> **Task brief**: Please retype the records below exactly, omitting any images.

(Collected data entries)
========================================

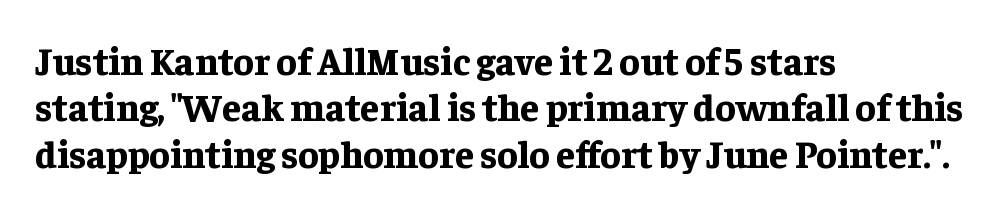
The image shows 38 px bold serif type, upright; set left-aligned, line spacing 1.22x, normal letter spacing, not underlined; low stroke contrast and a medium x-height.
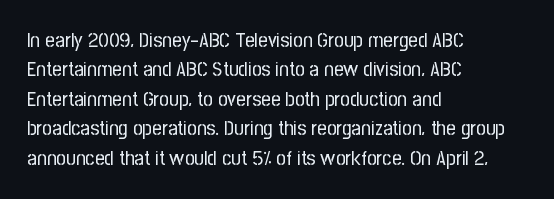
Q: Is the text bold? A: No.
Q: Is the text italic (slanted)? A: No, it is upright.
Q: Is the text underlined? A: No.
Q: How is the paragraph aligned? A: Left-aligned.
Q: Is the spacing between letters normal or unusually wide? A: Normal.
Q: Is the spacing between lines tight, normal or loose? A: Normal.
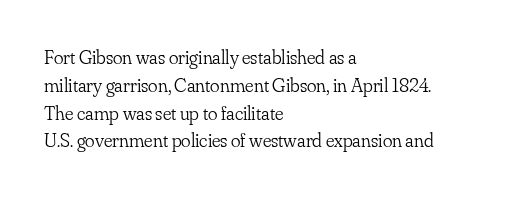
{"italic": "no", "bold": "no", "underline": "no", "align": "left", "line_spacing": "normal", "line_spacing_ratio": 1.39, "letter_spacing": "normal", "letter_spacing_em": 0.0, "glyph_px": 20}
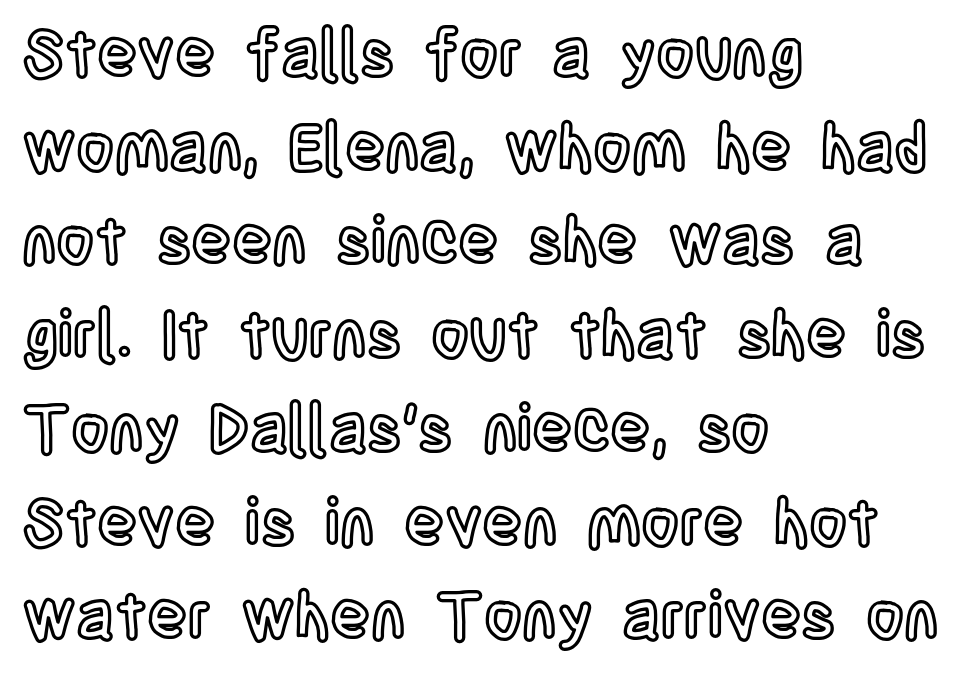
Q: Is the text italic (slanted)? A: No, it is upright.
Q: Is the text underlined? A: No.
Q: How is the paragraph aligned? A: Left-aligned.
Q: Is the spacing between letters normal or unusually wide? A: Normal.
Q: Is the spacing between lines tight, normal or loose? A: Normal.
Q: Width (condensed, normal, or wide)? A: Condensed.
Q: x-height? A: Large.
Q: Monospaced? A: No.

========================================

> **Solution**:
The image shows 38 px bold serif type, upright; set left-aligned, line spacing 1.22x, normal letter spacing, not underlined; low stroke contrast and a medium x-height.
Q: Is the text bold? A: No.
Q: Is the text italic (slanted)? A: No, it is upright.
Q: Is the text underlined? A: No.
Q: How is the paragraph aligned? A: Left-aligned.
Q: Is the spacing between letters normal or unusually wide? A: Normal.
Q: Is the spacing between lines tight, normal or loose? A: Normal.
{"italic": "no", "bold": "no", "underline": "no", "align": "left", "line_spacing": "normal", "line_spacing_ratio": 1.39, "letter_spacing": "normal", "letter_spacing_em": 0.0, "glyph_px": 20}
Q: Is the text italic (slanted)? A: No, it is upright.
Q: Is the text underlined? A: No.
Q: How is the paragraph aligned? A: Left-aligned.
Q: Is the spacing between letters normal or unusually wide? A: Normal.
Q: Is the spacing between lines tight, normal or loose? A: Normal.
Q: Width (condensed, normal, or wide)? A: Condensed.
Q: x-height? A: Large.
Q: Monospaced? A: No.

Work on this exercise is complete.